La Europa desunida se enfrenta ahora al aluvión de la emigración incontrolada: cientos de miles de familias de Siria o Irak que llegan por los corredores balcánicos, desafiando las fronteras y el frío. La magnitud y la velocidad del movimiento migratorio corroen buena parte de las convicciones que creíamos asumidas. La Europa de la tolerancia y de la socialdemocracia generosa se muestra ahora con un color distinto, menos agradable. La primera reacción de Merkel, abriendo las puertas de la UE, ha puesto en peligro su propio liderazgo en Alemania, además de incrementar los recelos entre los distintos socios de la Unión. Los mensajes xenófobos aumentan, sobre todo entre los países más afectados por el aluvión. Se reinstauran los controles fronterizos y, en lugares como Dinamarca, se aprueban leyes para quedarse con las pertenencias de los refugiados. En realidad, el pacto al que se ha llegado con la autoritaria Turquía de Erdogan nos habla más de la debilidad europea que de la fortaleza de nuestra unión.
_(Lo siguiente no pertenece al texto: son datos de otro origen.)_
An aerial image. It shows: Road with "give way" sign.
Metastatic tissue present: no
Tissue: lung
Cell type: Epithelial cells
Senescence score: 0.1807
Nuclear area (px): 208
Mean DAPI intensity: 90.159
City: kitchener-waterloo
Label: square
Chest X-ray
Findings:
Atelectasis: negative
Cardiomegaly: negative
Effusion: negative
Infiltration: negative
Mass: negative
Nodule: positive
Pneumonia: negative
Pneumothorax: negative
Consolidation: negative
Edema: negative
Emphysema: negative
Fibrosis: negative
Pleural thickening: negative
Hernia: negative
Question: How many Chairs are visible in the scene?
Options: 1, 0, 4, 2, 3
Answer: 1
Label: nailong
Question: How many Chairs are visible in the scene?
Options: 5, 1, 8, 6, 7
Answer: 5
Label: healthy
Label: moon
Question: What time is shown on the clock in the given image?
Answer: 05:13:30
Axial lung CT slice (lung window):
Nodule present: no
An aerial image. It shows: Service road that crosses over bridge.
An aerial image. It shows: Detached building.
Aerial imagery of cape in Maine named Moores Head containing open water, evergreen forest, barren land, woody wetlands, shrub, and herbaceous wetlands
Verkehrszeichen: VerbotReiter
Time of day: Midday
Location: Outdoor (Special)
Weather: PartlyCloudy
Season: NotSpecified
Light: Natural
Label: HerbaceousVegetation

En un ensayo de una dureza terminal, Más allá de la culpa y la expiación, el filósofo Jean Améry nos recuerda que la humanidad depende de la confianza en el prójimo. La certeza, por ejemplo, de que ante una situación extrema no se nos dejará caer, ni que sean nuestros adversarios. Améry fue torturado por los nazis durante la II Guerra Mundial y cuenta cómo nunca recuperó su dignidad, precisamente porque no pudo recobrar su confianza en el ser humano. Es una lección que también nos sirve en estos momentos.

Occidente se ha construido siempre sobre una serie de tensiones no resueltas del todo: entre el peso del ayer y la urgencia del futuro, entre la religión y el laicismo, entre la razón pura y los dictados de la emoción, entre la utopía y lo posible. Esas tensiones, si se encaran con inteligencia, permitirán que sigamos avanzando. Las respuestas apresuradas no resolverán la crisis europea, como tampoco lo hará el pánico o las urgencias cortoplacistas del electorado. Y parece que ha llegado el momento de que Europa dé otro gran salto hacia adelante.